In order to train a classification algorithm without bias towards any class of posture, an equal number of features should be provided per class. In the current study, certain EMG signals experienced dropouts in full flexion due to occlusion of the wireless transmitter signals by the body. In the cases where missing EMG data was observed, no feature sets were provided for these windows of partial data. Therefore, the feature sets for each class were not equal within the training dataset where the number of windows per class was 4798±807 (mean±standard deviation). Missing data was most commonly observed in plantarflexed kneeling, with only 3055 feature sets included compared to an average of 5046±427 between the remaining 7 classes. Classification accuracy of plantarflexed kneeling in the novel data was found to be the lowest of all activities (74.5%), therefore the decreased number of feature sets within the training data set may have played a role in the classifier’s difficulty in successfully identifying plantarflexed kneeling. Future work should seek to mitigate this potential bias by including an equal number of feature sets from each posture.
Finally, in this paper a supervised learning algorithm was utilized which required that manual labeling of the training data be completed. Given that the training data were collected in a laboratory setting, this labelling was performed at the time of collection, however additional steps would need to be taken if measurements were taken for more training data outside of the laboratory setting. A possible solution for this issue would be to have a labeler present during the supervised portion of collection to take note of the occurrence of activities of high knee flexion
Conclusion
Classification of eight high knee flexion postures (dorsiflexed kneeling, plantarflexed kneeling, heels-up squatting, flatfoot squatting, lifting an object from the ground, knee height lifting, child chair sitting, and cross-legged sitting) was performed using a k-Nearest Neighbor classification algorithm.
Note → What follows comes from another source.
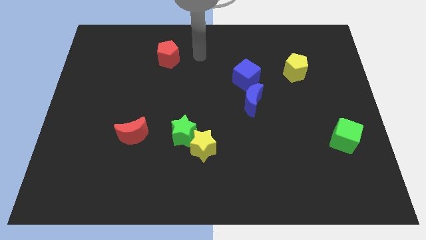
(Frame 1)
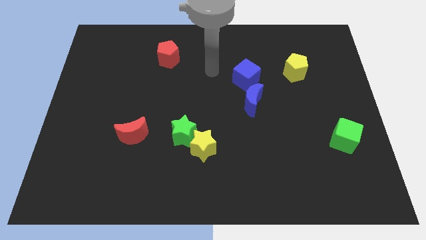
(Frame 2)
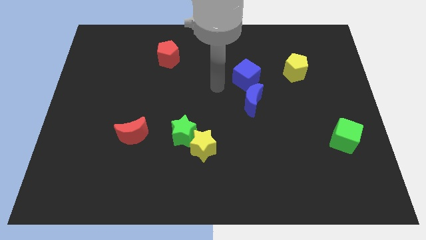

A combination of ten time-domain features (peak magnitude of the VM, RF, MG, and LG as well as the minimum magnitude of the RF, VL, TA, LG, ST, and BF) was found to be most effective when classifying these knee flexion postures frequently adopted by childcare workers. A classification accuracy of 80.1%was obtained when classifying novel data from participants on which the model was previously trained. Classification accuracy when classifying novel subject data was 18.4%, suggesting that in order to identify high knee flexion postures based on EMG features, the model must first be trained on sample data from a given individual. While the current classifier has been trained using simulated occupational data, future work should focus on testing its performance with muscle activation data measured directly in occupational settings.
Conflict of interest
None to report.
Footnotes
Acknowledgments
Funding for this study was provided by the National Sciences and Engineering Research Council (NSERC) under Grant number 418647 as well as by the Queen Elizabeth II Graduate Scholarship in Science and Technology (QEII-GSST).
The authors would like to acknowledge G. Frew and C. Kapteyn for their contributions to the data collection.